No hay volcán, terremoto ni tsunami que pueda compararse a la barbarie humana
no hay monstruo más terrible que ese monstruo
que nos despierta el odio a la gente decente.
Escribimos poemas y vamos a la compra
y llevamos al médico a nuestra gente enferma
y nos enamoramos y vivimos
y pensamos qué hacer en el futuro,
dónde irán nuestros hijos,
dónde irán nuestros nietos.
Y hablan en la radio de no sé qué partido,
de fútbol o político,
mientras ruedan los tanques
con su carga de muerte,
y el mundo mira atónito, paralizado y mudo
su propia destrucción.
Confieso que le odio y no me da vergüenza,
es legítimo odiar al rey del odio.
Quiero matarle, quiero torturarle,
quiero verle temblar y defecarse encima,
deseo que se ahogue con su vómito,
que le exploten los ojos como globos
de los niños que yacen muertos entre cascotes.
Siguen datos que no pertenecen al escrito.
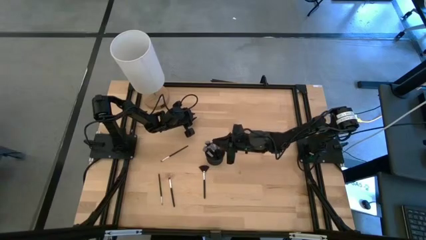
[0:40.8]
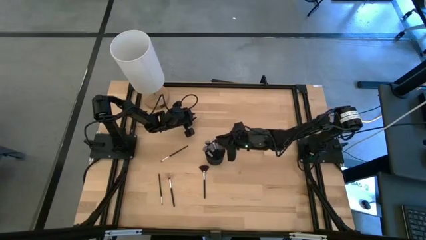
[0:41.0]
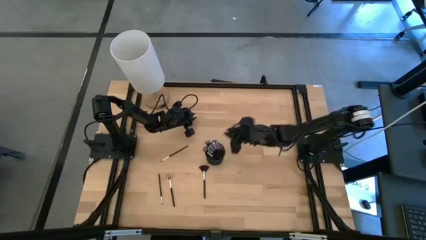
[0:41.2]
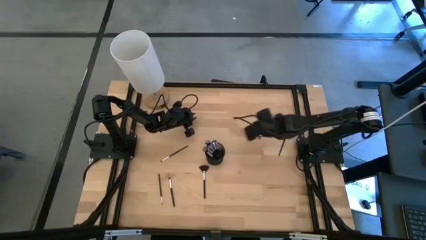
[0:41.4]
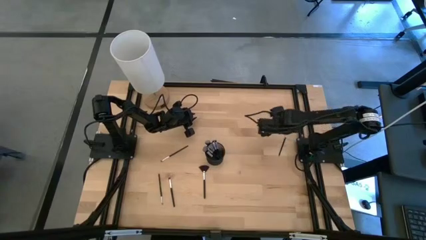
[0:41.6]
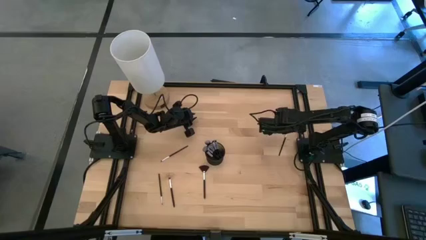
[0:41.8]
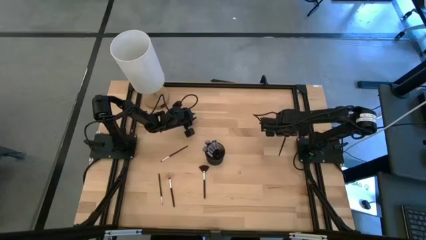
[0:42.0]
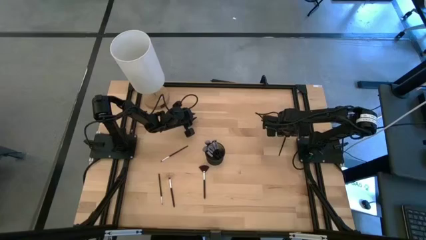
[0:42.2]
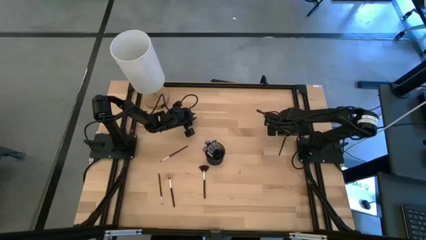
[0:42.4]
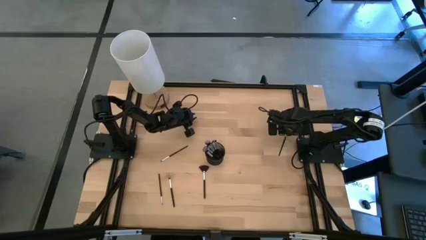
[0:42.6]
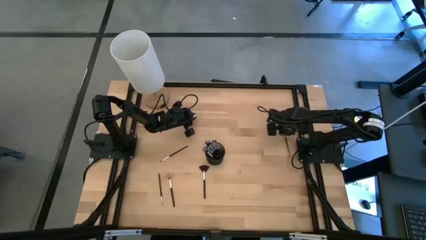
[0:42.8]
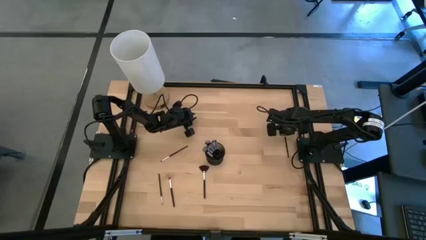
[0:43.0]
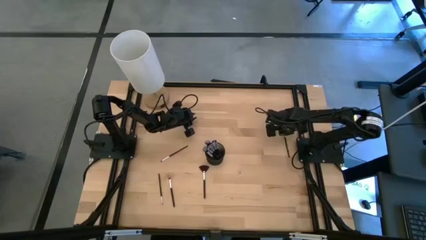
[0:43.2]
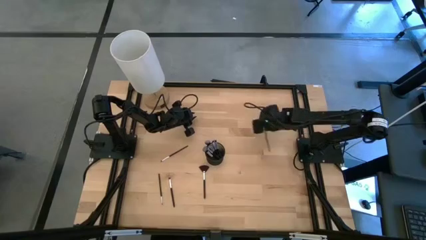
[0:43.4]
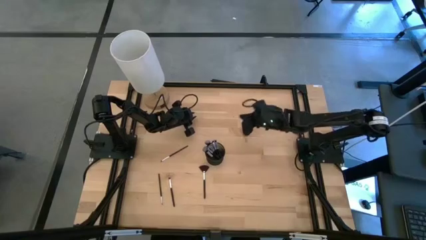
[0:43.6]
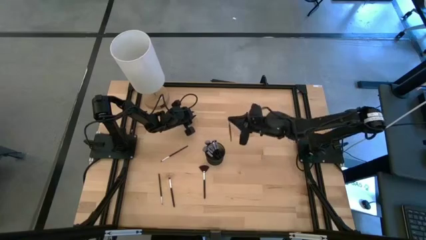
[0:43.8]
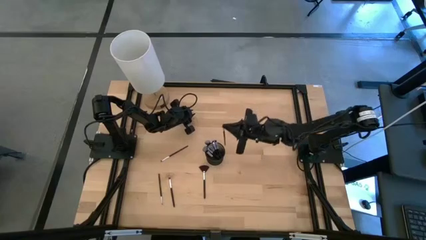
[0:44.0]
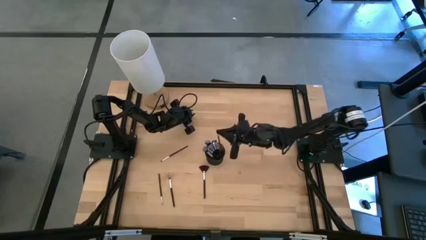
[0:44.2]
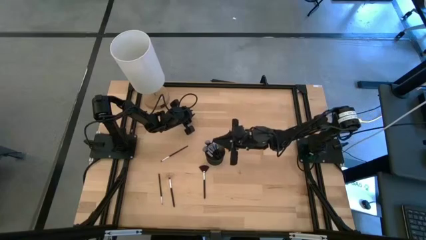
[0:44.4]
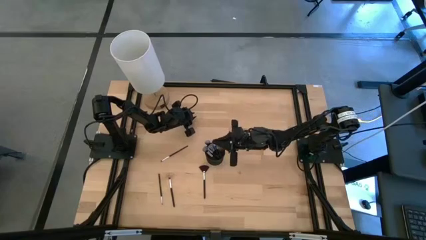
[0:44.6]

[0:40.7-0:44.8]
Put the eyeshadow brush into the makeup organizer

Si supiera rezar, rezaría al diablo
para que le mandara un rayo ardiente
que achicharrara al genocida infame
y muriera despacio entre alaridos
que no escuchara nadie.
Pero eso no será.
Se morirá de viejo y en su cama
como un buen ciudadano,
le darán un sepelio con salvas y con himnos,
con honores de Estado.
Y una vez más la Historia será pisoteada.